Let's analyze how the model attends to different parts of an image:

In [None]:
# Load and process an example image
image_path = 'path_to_your_image.jpg'  # Replace with your image path
image, image_tensor = load_and_preprocess_image(image_path)

# Get attention maps
attention_weights = get_attention_maps(model, image_tensor)

# Visualize attention
visualize_attention_map(image, attention_weights)

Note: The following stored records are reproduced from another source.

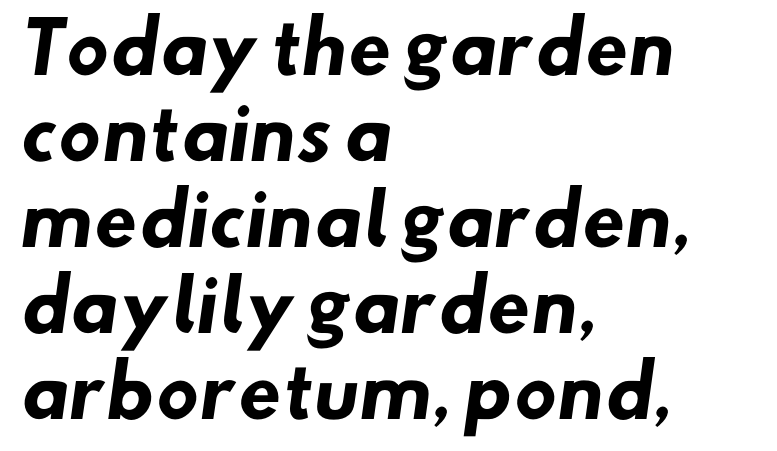
Q: Is the text bold? A: Yes.
Q: Is the typeface a serif or a sans-serif typeface? A: Sans-serif.
Q: Is the text underlined? A: No.
Q: How is the paragraph aligned? A: Left-aligned.
Q: Is the spacing between letters normal or unusually wide? A: Normal.
Q: Width (condensed, normal, or wide)? A: Normal.
Q: Stroke contrast? A: Low.
Q: x-height? A: Small.
Q: Monospaced? A: No.

## Analyzing Different Attention Heads

Different attention heads in ViT can focus on different aspects of the image:

In [None]:
def visualize_multi_head_attention(model, image_tensor, num_heads=4):
    """Visualize attention patterns from multiple heads."""
    with torch.no_grad():
        outputs = model(image_tensor, output_attentions=True)
    
    # Get attention weights from the last layer
    attention_weights = outputs.attentions[-1][0]  # First batch
    
    # Create figure for visualization
    fig, axes = plt.subplots(2, 2, figsize=(12, 12))
    axes = axes.flatten()
    
    # Visualize attention for selected heads
    for i in range(num_heads):
        # Get attention weights for the [CLS] token
        cls_attention = attention_weights[i, 0, 1:].mean(dim=0)
        
        # Reshape to match image patches
        h, w = 14, 14  # For 224x224 images with 16x16 patches
        attention_map = cls_attention.reshape(h, w)
        
        # Plot attention map
        axes[i].imshow(image)
        axes[i].imshow(attention_map, alpha=0.5, cmap='jet')
        axes[i].set_title(f'Head {i+1}')
        axes[i].axis('off')
    
    plt.tight_layout()
    plt.show()

# Visualize multiple attention heads
visualize_multi_head_attention(model, image_tensor)

## Real-World Applications

Attention mechanisms in vision have enabled several breakthroughs:

1. **Image Classification**: ViT achieves state-of-the-art results
2. **Object Detection**: DETR uses attention for end-to-end object detection
3. **Image Generation**: Attention helps in generating high-quality images
4. **Medical Imaging**: Attention helps focus on relevant regions in medical images

## Conclusion

In this notebook, we've explored:

1. How attention mechanisms are applied in computer vision
2. The Vision Transformer architecture
3. Visualizing attention patterns in images
4. Real-world applications of attention in vision

Key takeaways:

- Attention provides a powerful way to model relationships in images
- Different attention heads can focus on different aspects of the image
- Attention maps provide interpretable insights into model decisions

In the next notebook, we'll explore attention in other domains like audio and multimodal systems.